Genetic Justice PDF Author: Sheldon Krimsky
Publisher: Columbia University Press
ISBN: 0231145209
Category : Law
Languages : en
Pages : 426

Book Description
Explores how different countries balance the use of DNA databanks in criminal justice with the rights of their citizens, including arguments about the dangers of collecting DNA from arrested individuals and the myth behind DNA profiling.

Genetic Justice

Genetic Justice PDF Author: Sheldon Krimsky
Publisher: Columbia University Press
ISBN: 0231145209
Category : Law
Languages : en
Pages : 426

Book Description
Explores how different countries balance the use of DNA databanks in criminal justice with the rights of their citizens, including arguments about the dangers of collecting DNA from arrested individuals and the myth behind DNA profiling.

Genetic Justice

Genetic Justice PDF Author: Sheldon Krimsky
Publisher: Columbia University Press
ISBN: 0231145217
Category : Science
Languages : en
Pages : 426

Book Description
Explores how different countries balance the use of DNA databanks in criminal justice with the rights of their citizens, including arguments about the dangers of collecting DNA from arrested individuals and the myth behind DNA profiling.

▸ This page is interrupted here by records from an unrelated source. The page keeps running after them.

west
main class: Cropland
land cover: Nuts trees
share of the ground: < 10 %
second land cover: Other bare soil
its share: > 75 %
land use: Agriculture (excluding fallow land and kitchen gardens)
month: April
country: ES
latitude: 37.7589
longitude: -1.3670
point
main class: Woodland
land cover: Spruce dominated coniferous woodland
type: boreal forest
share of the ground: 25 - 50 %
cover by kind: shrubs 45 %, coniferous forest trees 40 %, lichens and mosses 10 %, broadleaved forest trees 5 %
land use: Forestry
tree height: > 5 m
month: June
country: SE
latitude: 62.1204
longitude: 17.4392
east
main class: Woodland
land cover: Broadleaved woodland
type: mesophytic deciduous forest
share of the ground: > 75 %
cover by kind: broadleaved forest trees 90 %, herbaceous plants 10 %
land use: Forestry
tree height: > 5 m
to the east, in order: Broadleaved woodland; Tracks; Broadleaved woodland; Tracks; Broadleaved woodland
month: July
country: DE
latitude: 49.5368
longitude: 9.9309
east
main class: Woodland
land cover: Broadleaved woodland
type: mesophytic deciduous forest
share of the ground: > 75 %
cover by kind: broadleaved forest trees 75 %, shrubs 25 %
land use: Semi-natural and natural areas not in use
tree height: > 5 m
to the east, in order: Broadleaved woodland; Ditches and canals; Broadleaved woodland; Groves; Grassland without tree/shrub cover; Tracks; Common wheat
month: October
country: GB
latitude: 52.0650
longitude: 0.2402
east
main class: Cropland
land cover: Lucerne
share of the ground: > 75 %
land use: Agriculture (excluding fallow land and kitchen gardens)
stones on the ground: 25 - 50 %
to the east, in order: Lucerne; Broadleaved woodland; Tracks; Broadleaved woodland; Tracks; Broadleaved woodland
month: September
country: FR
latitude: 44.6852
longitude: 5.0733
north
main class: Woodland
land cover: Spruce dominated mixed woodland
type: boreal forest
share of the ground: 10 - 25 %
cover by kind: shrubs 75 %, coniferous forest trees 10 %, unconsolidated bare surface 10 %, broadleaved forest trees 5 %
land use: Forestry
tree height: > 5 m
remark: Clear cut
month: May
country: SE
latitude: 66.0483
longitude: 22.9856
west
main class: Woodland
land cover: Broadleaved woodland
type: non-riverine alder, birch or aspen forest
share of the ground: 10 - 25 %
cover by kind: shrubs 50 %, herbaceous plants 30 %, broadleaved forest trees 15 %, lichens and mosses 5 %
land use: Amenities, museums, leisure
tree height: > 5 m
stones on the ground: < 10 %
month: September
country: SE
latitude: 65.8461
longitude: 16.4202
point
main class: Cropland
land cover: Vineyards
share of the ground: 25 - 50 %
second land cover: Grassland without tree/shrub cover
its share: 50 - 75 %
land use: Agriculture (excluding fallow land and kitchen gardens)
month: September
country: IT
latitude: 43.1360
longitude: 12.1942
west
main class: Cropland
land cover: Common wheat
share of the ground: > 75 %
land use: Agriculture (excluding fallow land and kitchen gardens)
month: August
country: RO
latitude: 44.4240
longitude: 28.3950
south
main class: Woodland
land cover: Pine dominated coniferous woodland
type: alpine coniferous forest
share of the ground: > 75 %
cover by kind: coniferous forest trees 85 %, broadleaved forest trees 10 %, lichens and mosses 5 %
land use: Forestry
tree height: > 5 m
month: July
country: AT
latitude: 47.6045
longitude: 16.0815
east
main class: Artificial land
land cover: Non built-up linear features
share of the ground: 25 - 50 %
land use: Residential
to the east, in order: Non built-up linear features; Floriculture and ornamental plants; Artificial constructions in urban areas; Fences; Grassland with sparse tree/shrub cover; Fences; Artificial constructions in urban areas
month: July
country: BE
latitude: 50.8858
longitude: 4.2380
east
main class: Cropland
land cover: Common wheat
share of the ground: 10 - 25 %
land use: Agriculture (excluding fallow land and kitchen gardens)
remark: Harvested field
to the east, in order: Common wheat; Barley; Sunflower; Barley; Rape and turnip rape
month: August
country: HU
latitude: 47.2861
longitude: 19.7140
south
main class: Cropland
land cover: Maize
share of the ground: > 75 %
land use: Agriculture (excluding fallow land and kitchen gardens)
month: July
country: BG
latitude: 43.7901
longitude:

Genetic Resources, Justice and Reconciliation

Genetic Resources, Justice and Reconciliation PDF Author: Chidi Oguamanam
Publisher: Cambridge University Press
ISBN: 1108470769
Category : Business & Economics
Languages : en
Pages : 301

Book Description
Presents the first comprehensive study of Indigenous perspectives on genetic resources, traditional knowledge, and access and benefit sharing in Canada. This book is also available as Open Access.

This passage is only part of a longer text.